> Exercise objective:
Omitting all images, set down every line below exactly as it appears.

[Entries taken from a collection]
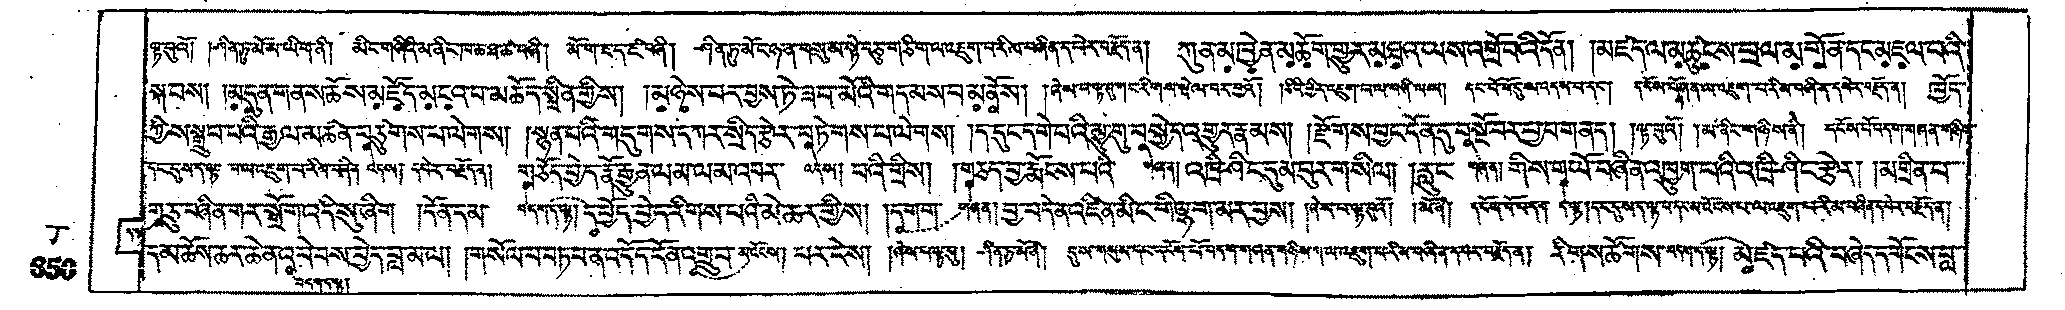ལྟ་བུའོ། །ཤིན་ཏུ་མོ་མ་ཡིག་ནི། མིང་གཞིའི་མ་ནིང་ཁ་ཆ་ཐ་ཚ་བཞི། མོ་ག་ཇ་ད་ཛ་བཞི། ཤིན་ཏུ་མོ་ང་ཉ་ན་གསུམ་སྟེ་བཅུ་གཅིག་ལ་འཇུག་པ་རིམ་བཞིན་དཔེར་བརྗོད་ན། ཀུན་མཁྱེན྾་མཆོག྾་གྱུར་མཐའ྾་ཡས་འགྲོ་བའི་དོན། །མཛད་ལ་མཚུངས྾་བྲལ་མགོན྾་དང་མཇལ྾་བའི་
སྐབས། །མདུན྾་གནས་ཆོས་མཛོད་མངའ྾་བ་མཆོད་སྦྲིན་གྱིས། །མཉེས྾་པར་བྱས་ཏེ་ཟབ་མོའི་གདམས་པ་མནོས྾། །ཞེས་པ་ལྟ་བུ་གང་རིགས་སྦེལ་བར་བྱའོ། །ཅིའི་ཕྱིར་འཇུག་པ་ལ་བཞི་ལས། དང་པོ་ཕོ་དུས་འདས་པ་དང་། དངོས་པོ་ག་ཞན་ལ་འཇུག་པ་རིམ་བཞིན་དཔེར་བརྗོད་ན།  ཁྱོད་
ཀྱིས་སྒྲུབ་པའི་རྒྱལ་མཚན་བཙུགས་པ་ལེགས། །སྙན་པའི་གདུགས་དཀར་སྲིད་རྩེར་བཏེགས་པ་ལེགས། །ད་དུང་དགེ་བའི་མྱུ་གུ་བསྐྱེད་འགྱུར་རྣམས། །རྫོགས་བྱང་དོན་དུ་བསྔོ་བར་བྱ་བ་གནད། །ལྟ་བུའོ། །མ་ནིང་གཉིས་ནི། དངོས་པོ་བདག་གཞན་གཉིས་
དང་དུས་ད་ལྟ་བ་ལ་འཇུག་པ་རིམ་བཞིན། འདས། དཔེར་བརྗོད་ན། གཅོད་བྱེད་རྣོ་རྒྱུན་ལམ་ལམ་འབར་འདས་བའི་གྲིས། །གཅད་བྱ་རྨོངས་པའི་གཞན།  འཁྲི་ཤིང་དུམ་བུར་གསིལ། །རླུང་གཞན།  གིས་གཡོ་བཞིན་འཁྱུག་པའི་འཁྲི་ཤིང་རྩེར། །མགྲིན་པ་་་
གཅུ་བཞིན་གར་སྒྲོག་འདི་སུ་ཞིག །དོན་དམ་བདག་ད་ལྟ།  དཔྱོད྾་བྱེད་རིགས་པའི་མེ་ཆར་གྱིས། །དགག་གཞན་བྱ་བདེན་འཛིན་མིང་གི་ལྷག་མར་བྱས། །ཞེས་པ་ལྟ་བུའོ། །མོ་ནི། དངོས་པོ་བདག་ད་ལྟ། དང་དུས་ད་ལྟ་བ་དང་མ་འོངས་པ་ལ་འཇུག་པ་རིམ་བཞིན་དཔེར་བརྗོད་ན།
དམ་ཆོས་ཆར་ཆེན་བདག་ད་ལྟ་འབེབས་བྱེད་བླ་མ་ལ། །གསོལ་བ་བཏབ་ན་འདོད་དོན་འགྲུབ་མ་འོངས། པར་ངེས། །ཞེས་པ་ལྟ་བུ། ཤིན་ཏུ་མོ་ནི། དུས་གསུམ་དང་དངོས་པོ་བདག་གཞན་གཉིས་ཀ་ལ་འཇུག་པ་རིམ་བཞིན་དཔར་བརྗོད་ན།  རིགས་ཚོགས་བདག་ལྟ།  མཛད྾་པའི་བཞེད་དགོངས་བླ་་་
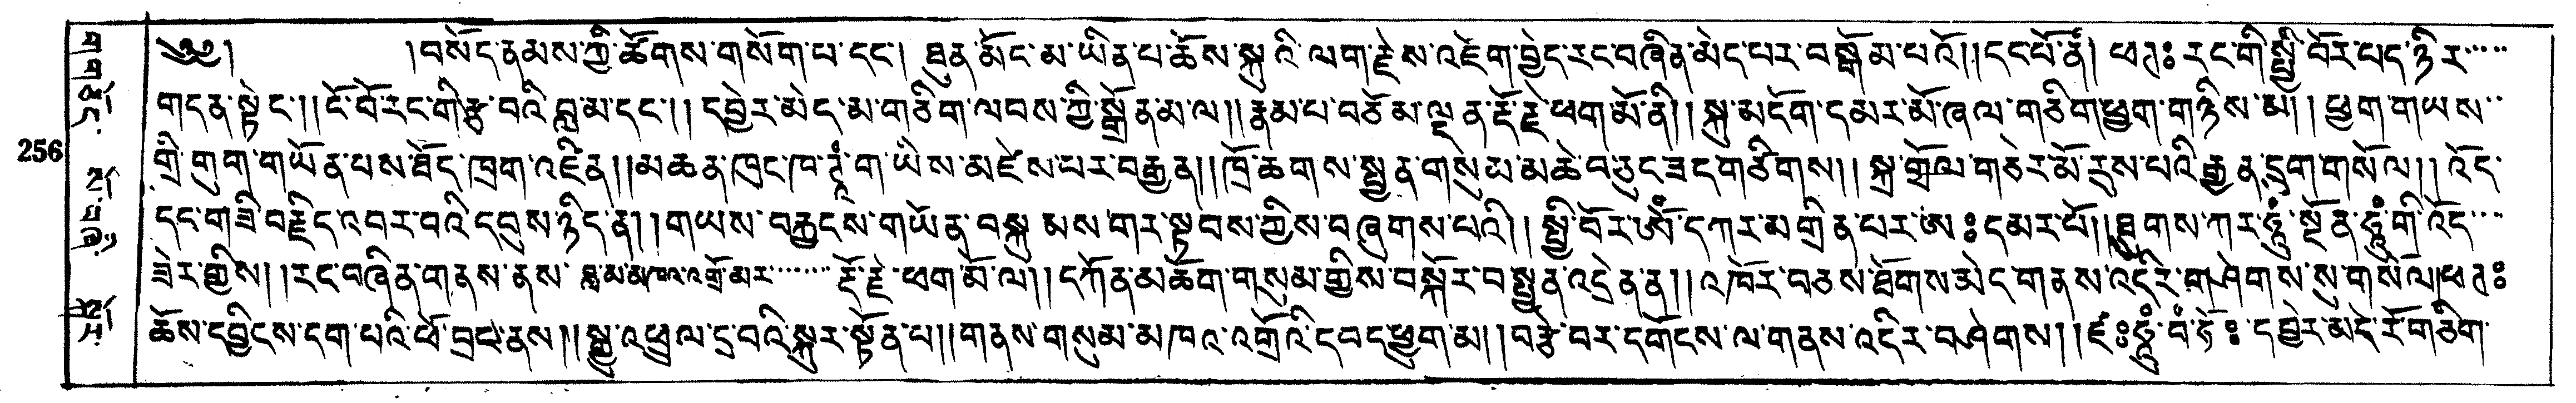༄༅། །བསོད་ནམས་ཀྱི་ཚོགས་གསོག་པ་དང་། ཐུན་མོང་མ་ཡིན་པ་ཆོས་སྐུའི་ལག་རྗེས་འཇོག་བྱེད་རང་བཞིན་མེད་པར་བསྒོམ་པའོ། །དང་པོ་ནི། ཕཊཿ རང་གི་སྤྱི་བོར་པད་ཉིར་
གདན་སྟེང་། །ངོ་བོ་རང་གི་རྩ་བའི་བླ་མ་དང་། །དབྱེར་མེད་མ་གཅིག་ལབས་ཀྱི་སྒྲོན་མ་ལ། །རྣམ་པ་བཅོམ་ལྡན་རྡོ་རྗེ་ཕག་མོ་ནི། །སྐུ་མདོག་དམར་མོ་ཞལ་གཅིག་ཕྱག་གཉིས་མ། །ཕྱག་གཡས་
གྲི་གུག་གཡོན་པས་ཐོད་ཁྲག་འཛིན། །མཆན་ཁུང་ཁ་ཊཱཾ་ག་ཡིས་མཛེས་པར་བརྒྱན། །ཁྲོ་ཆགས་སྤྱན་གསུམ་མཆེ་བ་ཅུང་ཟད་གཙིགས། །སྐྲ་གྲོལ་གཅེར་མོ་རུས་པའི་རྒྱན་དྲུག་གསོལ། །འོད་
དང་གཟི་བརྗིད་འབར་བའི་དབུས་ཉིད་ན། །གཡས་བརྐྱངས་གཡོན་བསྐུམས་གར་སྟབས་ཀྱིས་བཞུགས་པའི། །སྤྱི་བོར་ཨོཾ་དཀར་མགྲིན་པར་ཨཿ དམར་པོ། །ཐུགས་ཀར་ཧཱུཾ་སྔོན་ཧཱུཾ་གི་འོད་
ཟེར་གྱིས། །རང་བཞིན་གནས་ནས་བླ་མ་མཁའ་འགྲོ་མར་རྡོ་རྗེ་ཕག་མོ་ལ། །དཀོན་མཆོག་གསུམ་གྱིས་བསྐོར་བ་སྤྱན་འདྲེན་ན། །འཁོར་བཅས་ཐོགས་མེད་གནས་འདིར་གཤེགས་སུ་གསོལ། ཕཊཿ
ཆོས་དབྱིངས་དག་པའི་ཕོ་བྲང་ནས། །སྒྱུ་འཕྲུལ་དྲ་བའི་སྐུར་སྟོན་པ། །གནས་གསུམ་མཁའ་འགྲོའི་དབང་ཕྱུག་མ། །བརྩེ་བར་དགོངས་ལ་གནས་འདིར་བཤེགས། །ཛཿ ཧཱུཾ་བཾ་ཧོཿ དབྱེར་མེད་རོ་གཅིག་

> Exercise answer:
ལྟ་བུའོ། །ཤིན་ཏུ་མོ་མ་ཡིག་ནི། མིང་གཞིའི་མ་ནིང་ཁ་ཆ་ཐ་ཚ་བཞི། མོ་ག་ཇ་ད་ཛ་བཞི། ཤིན་ཏུ་མོ་ང་ཉ་ན་གསུམ་སྟེ་བཅུ་གཅིག་ལ་འཇུག་པ་རིམ་བཞིན་དཔེར་བརྗོད་ན། ཀུན་མཁྱེན྾་མཆོག྾་གྱུར་མཐའ྾་ཡས་འགྲོ་བའི་དོན། །མཛད་ལ་མཚུངས྾་བྲལ་མགོན྾་དང་མཇལ྾་བའི་
སྐབས། །མདུན྾་གནས་ཆོས་མཛོད་མངའ྾་བ་མཆོད་སྦྲིན་གྱིས། །མཉེས྾་པར་བྱས་ཏེ་ཟབ་མོའི་གདམས་པ་མནོས྾། །ཞེས་པ་ལྟ་བུ་གང་རིགས་སྦེལ་བར་བྱའོ། །ཅིའི་ཕྱིར་འཇུག་པ་ལ་བཞི་ལས། དང་པོ་ཕོ་དུས་འདས་པ་དང་། དངོས་པོ་ག་ཞན་ལ་འཇུག་པ་རིམ་བཞིན་དཔེར་བརྗོད་ན།  ཁྱོད་
ཀྱིས་སྒྲུབ་པའི་རྒྱལ་མཚན་བཙུགས་པ་ལེགས། །སྙན་པའི་གདུགས་དཀར་སྲིད་རྩེར་བཏེགས་པ་ལེགས། །ད་དུང་དགེ་བའི་མྱུ་གུ་བསྐྱེད་འགྱུར་རྣམས། །རྫོགས་བྱང་དོན་དུ་བསྔོ་བར་བྱ་བ་གནད། །ལྟ་བུའོ། །མ་ནིང་གཉིས་ནི། དངོས་པོ་བདག་གཞན་གཉིས་
དང་དུས་ད་ལྟ་བ་ལ་འཇུག་པ་རིམ་བཞིན། འདས། དཔེར་བརྗོད་ན། གཅོད་བྱེད་རྣོ་རྒྱུན་ལམ་ལམ་འབར་འདས་བའི་གྲིས། །གཅད་བྱ་རྨོངས་པའི་གཞན།  འཁྲི་ཤིང་དུམ་བུར་གསིལ། །རླུང་གཞན།  གིས་གཡོ་བཞིན་འཁྱུག་པའི་འཁྲི་ཤིང་རྩེར། །མགྲིན་པ་་་
གཅུ་བཞིན་གར་སྒྲོག་འདི་སུ་ཞིག །དོན་དམ་བདག་ད་ལྟ།  དཔྱོད྾་བྱེད་རིགས་པའི་མེ་ཆར་གྱིས། །དགག་གཞན་བྱ་བདེན་འཛིན་མིང་གི་ལྷག་མར་བྱས། །ཞེས་པ་ལྟ་བུའོ། །མོ་ནི། དངོས་པོ་བདག་ད་ལྟ། དང་དུས་ད་ལྟ་བ་དང་མ་འོངས་པ་ལ་འཇུག་པ་རིམ་བཞིན་དཔེར་བརྗོད་ན།
དམ་ཆོས་ཆར་ཆེན་བདག་ད་ལྟ་འབེབས་བྱེད་བླ་མ་ལ། །གསོལ་བ་བཏབ་ན་འདོད་དོན་འགྲུབ་མ་འོངས། པར་ངེས། །ཞེས་པ་ལྟ་བུ། ཤིན་ཏུ་མོ་ནི། དུས་གསུམ་དང་དངོས་པོ་བདག་གཞན་གཉིས་ཀ་ལ་འཇུག་པ་རིམ་བཞིན་དཔར་བརྗོད་ན།  རིགས་ཚོགས་བདག་ལྟ།  མཛད྾་པའི་བཞེད་དགོངས་བླ་་་
༄༅། །བསོད་ནམས་ཀྱི་ཚོགས་གསོག་པ་དང་། ཐུན་མོང་མ་ཡིན་པ་ཆོས་སྐུའི་ལག་རྗེས་འཇོག་བྱེད་རང་བཞིན་མེད་པར་བསྒོམ་པའོ། །དང་པོ་ནི། ཕཊཿ རང་གི་སྤྱི་བོར་པད་ཉིར་
གདན་སྟེང་། །ངོ་བོ་རང་གི་རྩ་བའི་བླ་མ་དང་། །དབྱེར་མེད་མ་གཅིག་ལབས་ཀྱི་སྒྲོན་མ་ལ། །རྣམ་པ་བཅོམ་ལྡན་རྡོ་རྗེ་ཕག་མོ་ནི། །སྐུ་མདོག་དམར་མོ་ཞལ་གཅིག་ཕྱག་གཉིས་མ། །ཕྱག་གཡས་
གྲི་གུག་གཡོན་པས་ཐོད་ཁྲག་འཛིན། །མཆན་ཁུང་ཁ་ཊཱཾ་ག་ཡིས་མཛེས་པར་བརྒྱན། །ཁྲོ་ཆགས་སྤྱན་གསུམ་མཆེ་བ་ཅུང་ཟད་གཙིགས། །སྐྲ་གྲོལ་གཅེར་མོ་རུས་པའི་རྒྱན་དྲུག་གསོལ། །འོད་
དང་གཟི་བརྗིད་འབར་བའི་དབུས་ཉིད་ན། །གཡས་བརྐྱངས་གཡོན་བསྐུམས་གར་སྟབས་ཀྱིས་བཞུགས་པའི། །སྤྱི་བོར་ཨོཾ་དཀར་མགྲིན་པར་ཨཿ དམར་པོ། །ཐུགས་ཀར་ཧཱུཾ་སྔོན་ཧཱུཾ་གི་འོད་
ཟེར་གྱིས། །རང་བཞིན་གནས་ནས་བླ་མ་མཁའ་འགྲོ་མར་རྡོ་རྗེ་ཕག་མོ་ལ། །དཀོན་མཆོག་གསུམ་གྱིས་བསྐོར་བ་སྤྱན་འདྲེན་ན། །འཁོར་བཅས་ཐོགས་མེད་གནས་འདིར་གཤེགས་སུ་གསོལ། ཕཊཿ
ཆོས་དབྱིངས་དག་པའི་ཕོ་བྲང་ནས། །སྒྱུ་འཕྲུལ་དྲ་བའི་སྐུར་སྟོན་པ། །གནས་གསུམ་མཁའ་འགྲོའི་དབང་ཕྱུག་མ། །བརྩེ་བར་དགོངས་ལ་གནས་འདིར་བཤེགས། །ཛཿ ཧཱུཾ་བཾ་ཧོཿ དབྱེར་མེད་རོ་གཅིག་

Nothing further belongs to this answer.